Originally published on techgyo.com
To have confidence in the validity of your systematic trading algorithms, you must test them. You need to ensure the resulting calculations meet your requirements before setting them loose in the market. In this article, Daniel Calugar, a data-driven investor, takes a look at the benefits of backtesting and the critical attributes for your historical testing data.
Comparing something that is known against an unknown is a time-tested method for proving the validity of calculations. If you know the result of a past set of circumstances and then can build a mechanism that will reliably predict that result, you can have high confidence that given a similar set of events in the future, the new calculation will again be able to predict the outcome.

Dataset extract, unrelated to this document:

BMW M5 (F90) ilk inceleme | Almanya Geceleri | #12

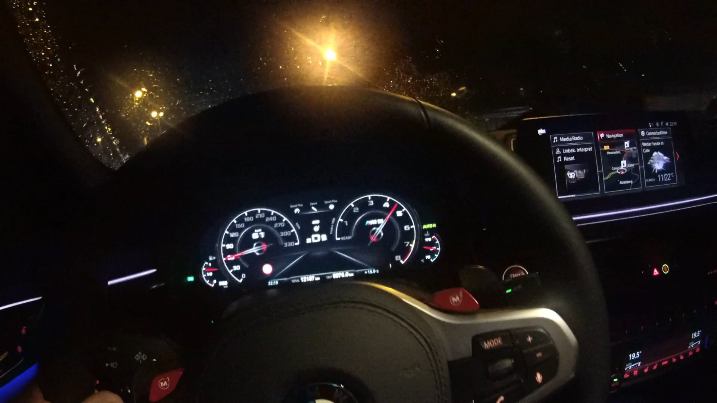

Testing a trading algorithm model over historical data is a low-risk and way to measure reliability and accuracy. If you have the proper data set, you can gain a measure of confidence that your strategy should outperform in the future. But be very careful, with the number crunching power of today’s personal computers it is not too difficult to find what appears to be reliable patterns in purely random data. Unless a pattern is exploiting an identifiable market edge your out of sample returns are likely to vastly underperform the historical back tested results.
A key to accurate backtesting is high-quality historical data. Accurate data will tell you how your strategy would have performed if implemented over the time period covered by the data. If the information used for backtesting is inaccurate or incomplete, the testing can be ineffective and lead to poor results in future trading.
Time and effort invested in ensuring your historical data sets are high-quality will pay big dividends. For historical data to be used with confidence for algorithm backtesting, it must have the following four attributes:
Accuracy: The GIGO principle dictates that inaccurate data will lead to misleading backtesting results. When sourcing your data, the provider’s reputation for accurate information can be invaluable. Never assume that your data is good enough. Even a slight inaccuracy can lead to recommendations that will cost you money.
Normalization: Data normalization eliminates anomalies that can cause the analysis of the data to be more complicated. If your data provider has added, deleted, or updated data, anomalies may have been introduced. These structural errors can cause delays in backtesting or produce unreliable results.
Comprehensive: Just as the data must be accurate to be helpful, it must also be comprehensive. Of the utmost importance when selecting historical data for testing algorithms for systematic trading models is how well every possible aspect of the data you will measure is represented in the historical data.
Compatible: Backtesting will be easier if the data source is compatible with the software you intend to use. Even if the data you acquire is accurate, normalized, and comprehensive, if it requires a conversion process to make it compatible with your testing software, you’ve added more complication and room for error. If building your own data testing program, you may have more flexibility.
Historical backtesting is the best way to gain confidence in your trading algorithms, but it is only as valuable as the data is accurate, normalized, comprehensive, and compatible. Build your systematic trading models by testing over high-quality historical data, and you will be able to rely on the results.
In addition to having high quality data, be very careful not to become “fooled by randomness”. For example, if you have a high frequency day trading model, optimize your trading strategy rules by backtesting using just even market days’ data and then test your optimized set of trading criteria on the odd market days’ data. If your strategy lacks a real market edge, the odd days’ returns will fall far short of what you expected.